Germain’s letters in the Fondo Palazzi-Libri is an exemplary case of this dispersion and it is these letters that I went to the Moreniana Library for. It was worth it: the first letter I opened is dated July 2, 1819: ‘I have read with the greatest attention the memoir that you have made me the honour of sending me’ Germain writes. Since this is a draft letter of the one actually sent we can see that she had initially written ‘the greatest satisfaction’, but the work is deleted and is replaced by the most appropriate ‘attention’. I was very much interested in this deletion, which does not appear in the published transcription of the letter by delCentina (2005, 63). There are actually two drafts of this letter in the N.376 of the Moreniana Library. The second draft has more deletions of more substantial mathematical parts, which shows that Germain was really struggling to be perfect, not only with her prose (attention instead of satisfaction), but also with the mathematical parts of their epistolary exchanges. But since Libri was only sixteen years old in 1819, one wonders why Germain should be so careful in her epistolary prose. What has therefore transpired from a careful study of this letter, is that despite its attribution to Libri in the Moreniana catalogue, the letter was actually addressed to the French mathematician Louis Poinsot. (see del Centina 2005, 63)



Ⓒ Biblioteca Moreniana 

Ⓒ Biblioteca Moreniana 

I was further very much moved by the letter dated February 2, 1831, a period when she was really struggling with her cancer.

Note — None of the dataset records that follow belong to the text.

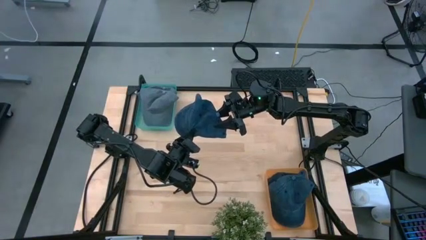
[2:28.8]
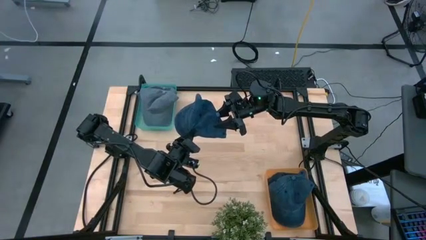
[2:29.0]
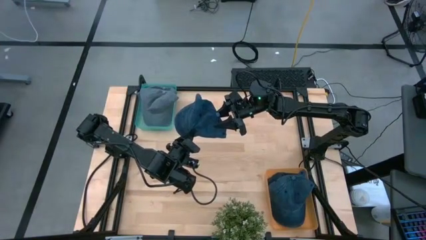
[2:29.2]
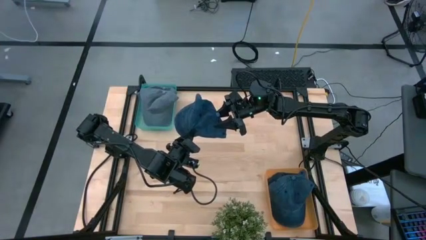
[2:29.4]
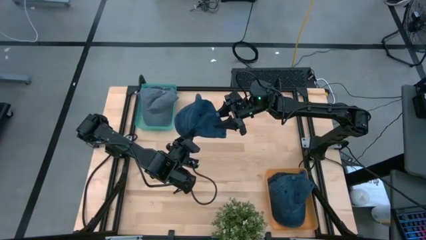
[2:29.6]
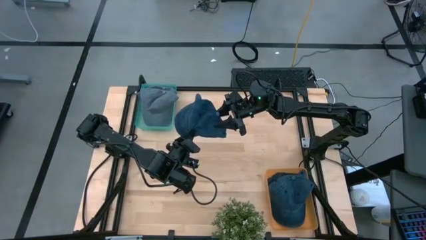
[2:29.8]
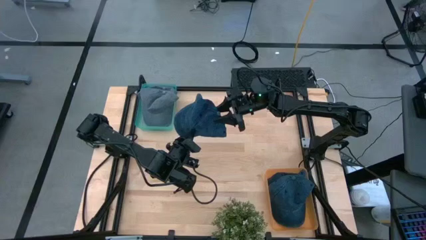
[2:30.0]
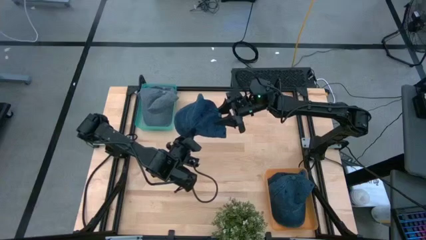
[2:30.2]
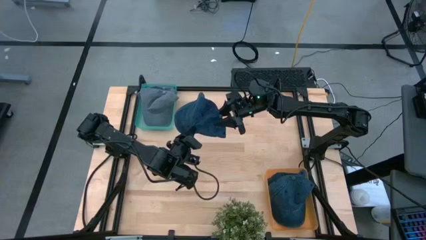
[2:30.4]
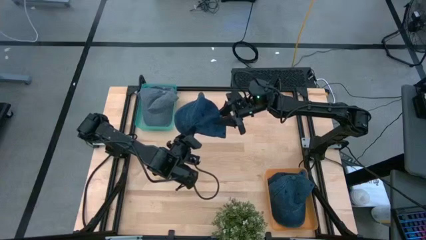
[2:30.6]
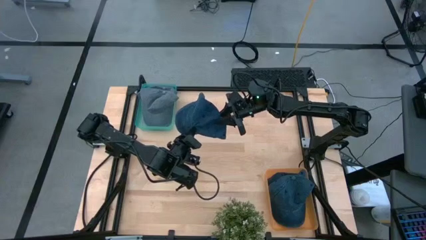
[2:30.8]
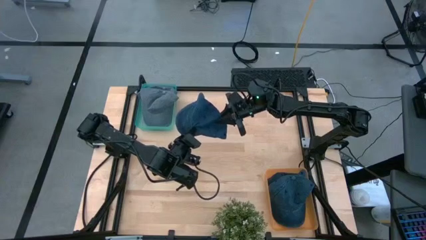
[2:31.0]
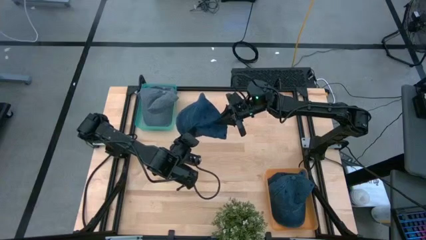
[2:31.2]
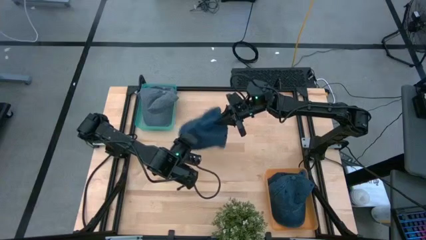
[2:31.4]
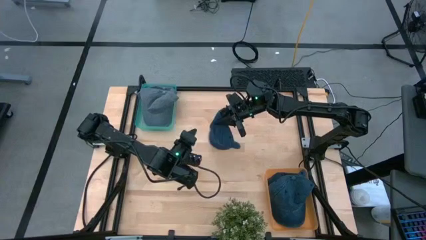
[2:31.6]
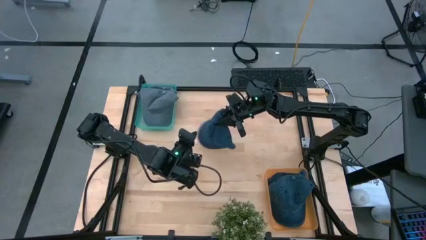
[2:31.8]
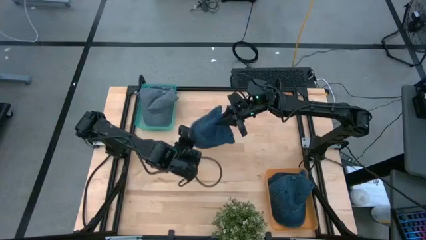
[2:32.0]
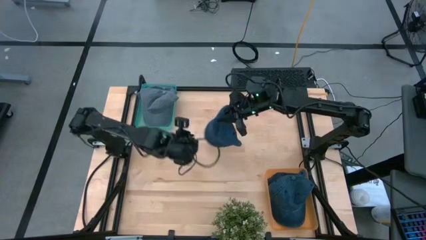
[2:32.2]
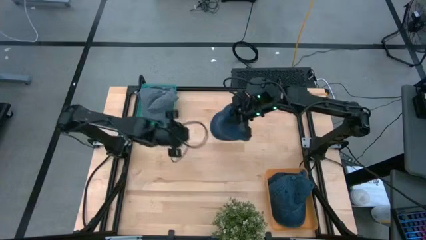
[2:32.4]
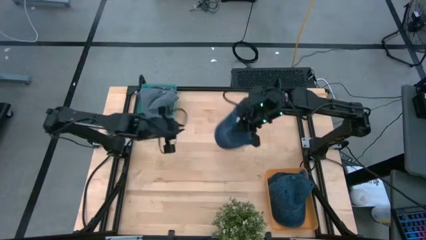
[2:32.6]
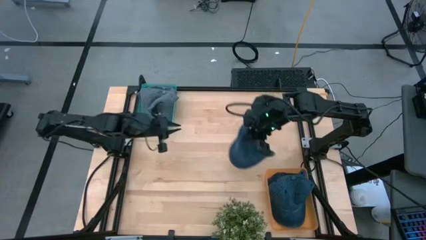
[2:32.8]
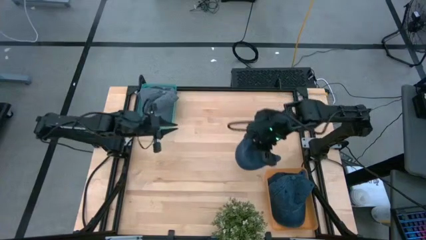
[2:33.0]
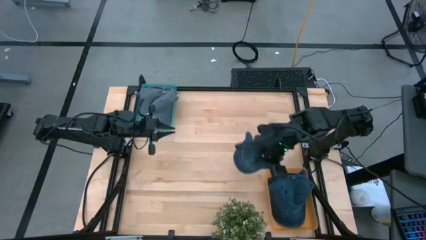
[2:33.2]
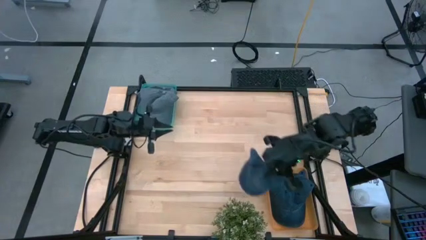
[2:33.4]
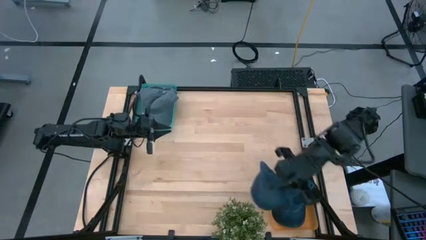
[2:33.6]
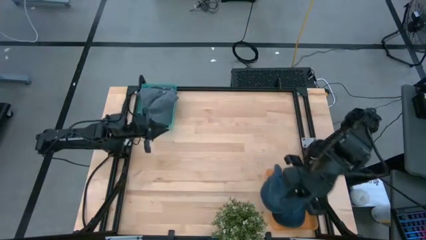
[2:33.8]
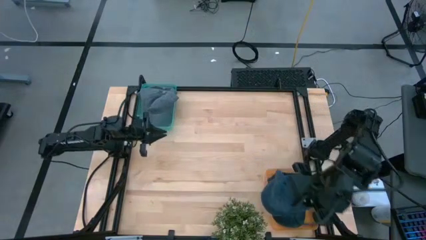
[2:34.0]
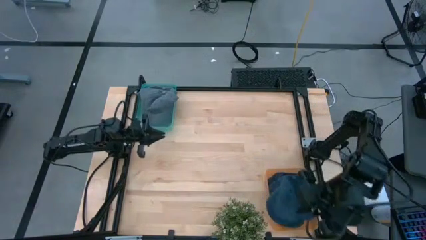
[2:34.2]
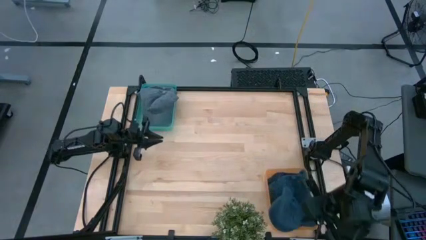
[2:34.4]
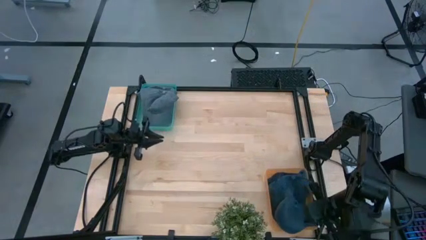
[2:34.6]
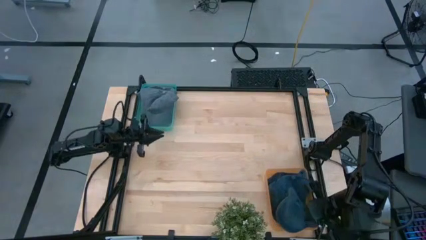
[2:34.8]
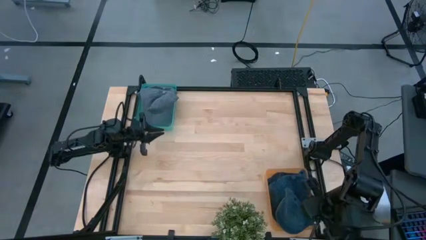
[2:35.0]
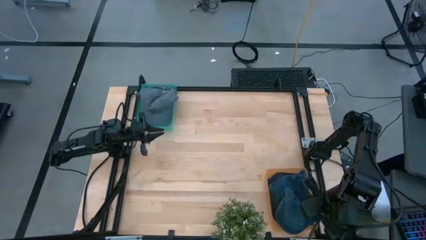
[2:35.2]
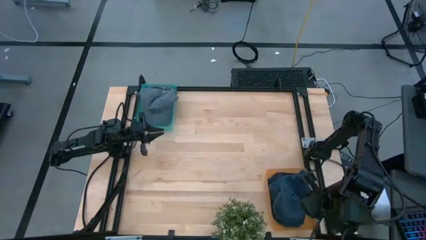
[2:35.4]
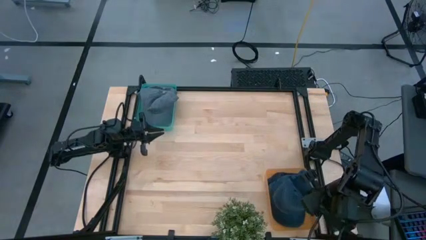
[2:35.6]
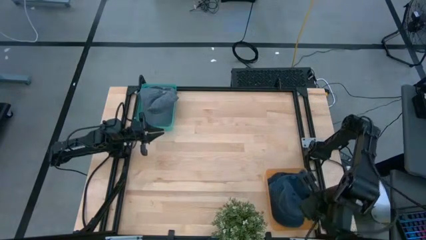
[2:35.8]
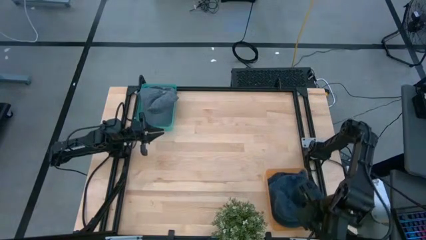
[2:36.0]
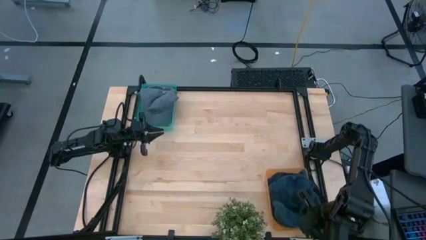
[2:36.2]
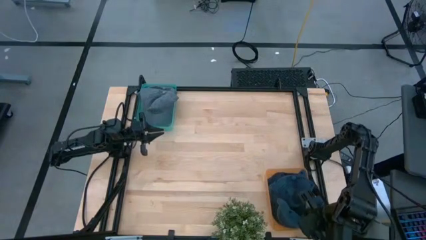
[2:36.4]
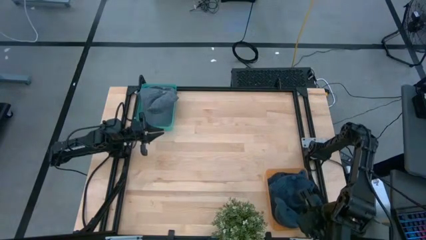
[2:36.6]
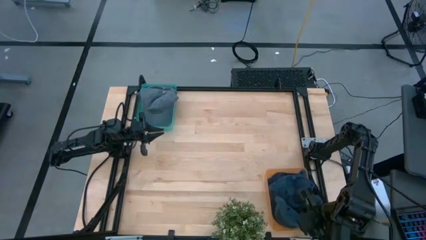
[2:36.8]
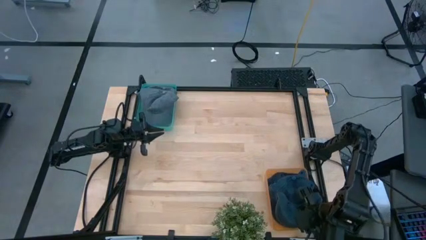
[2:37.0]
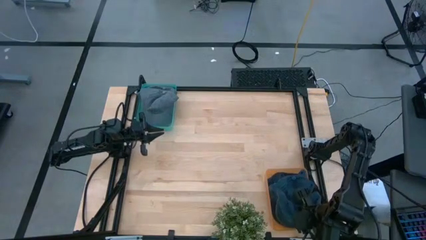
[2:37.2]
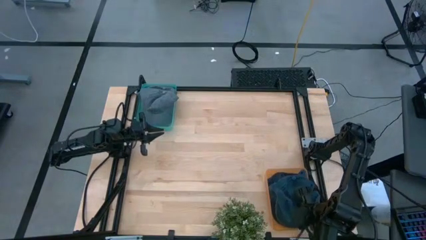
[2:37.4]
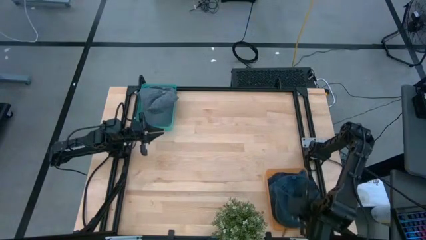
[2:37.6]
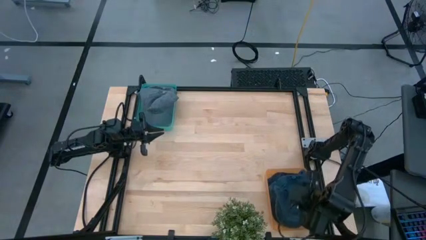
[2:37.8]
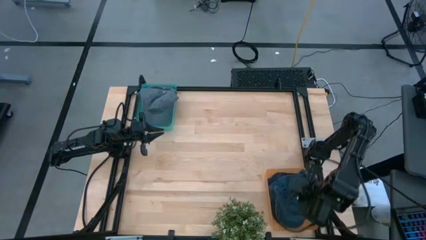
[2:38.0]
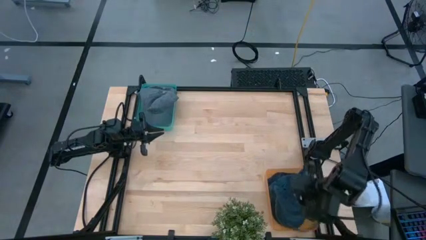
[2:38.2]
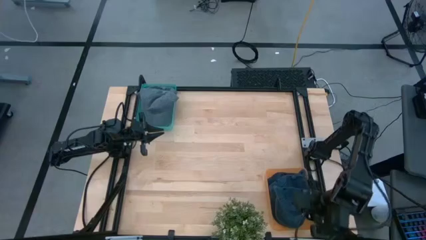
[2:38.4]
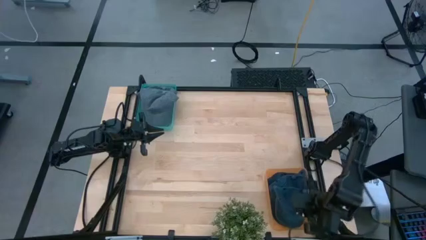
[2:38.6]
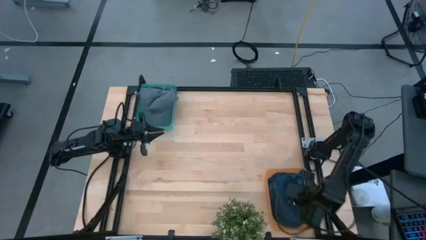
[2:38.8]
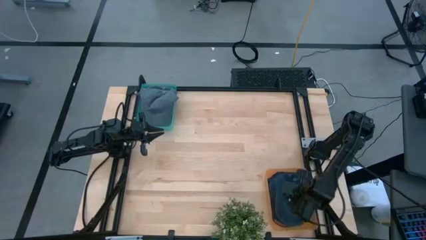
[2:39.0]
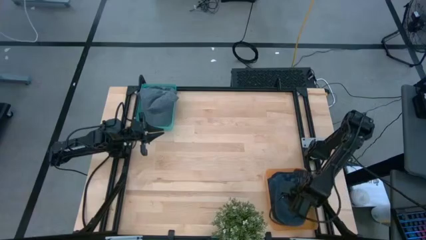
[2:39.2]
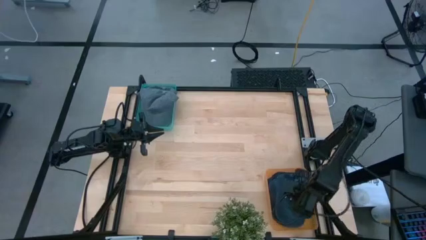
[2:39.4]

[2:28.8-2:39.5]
Task: Pick & Place hat
Put the blue cap into the orange bin

Her handwriting is visibly rougher, she was of course 12 years older, but it is also in this letter that she talks to Libri openly about her suffering: ‘I changed my medicine, the new says that I become better but while waiting I suffer terribly and it is quite impossible to be occupied by anything’. And yet in the midst of her suffering she writes to Libri about her new work in number theory and a large part of this letter is devoted to a new paper that was soon to be published.


Beginnings and ends are being meddled together in Sophie Germain’s correspondence and it is in the archive that the researcher can have some glimpses and some feeling of the process of becoming a mathematician.


Archival sources

Biblioteca Moreniana de Firenze, Fondo Palagi-Libri , filza 432.


References

Del Centina, Andrea. 2005. ‘Letters of Sophie Germain Preserved in Florence’. Historia Mathematica 32, 60–75.

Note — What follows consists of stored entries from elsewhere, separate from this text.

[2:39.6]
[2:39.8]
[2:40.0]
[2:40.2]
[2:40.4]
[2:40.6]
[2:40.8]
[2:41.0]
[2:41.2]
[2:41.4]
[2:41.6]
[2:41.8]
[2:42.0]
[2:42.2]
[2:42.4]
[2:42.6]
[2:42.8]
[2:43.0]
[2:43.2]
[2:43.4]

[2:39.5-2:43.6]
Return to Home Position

Del Centina, Andrea and Fiocca, Alessandra. 2018. ‘On the Correspondence of Sophie Germaine’. In  Mathematical Correspondences and Critical Editions, edited by Maria Teresa Borgato, Erwin Neuenschwander, Irène Passeron, 147-166. Cham: Birkhäuser.

Musielak, Dora. 2020. Sophie Germain: Revolutionary Mathematician, 2nd edition.  Cham: Springer.

Tamboukou, Maria. 2020. ‘Epistolary Lives: fragments, sensibility, assemblages in auto/biographical research’, in The Palgrave Handbook of Auto/Biography, edited by Anne Chapell and Julie M. Parsons, Basingstoke: Palgrave, 157-164.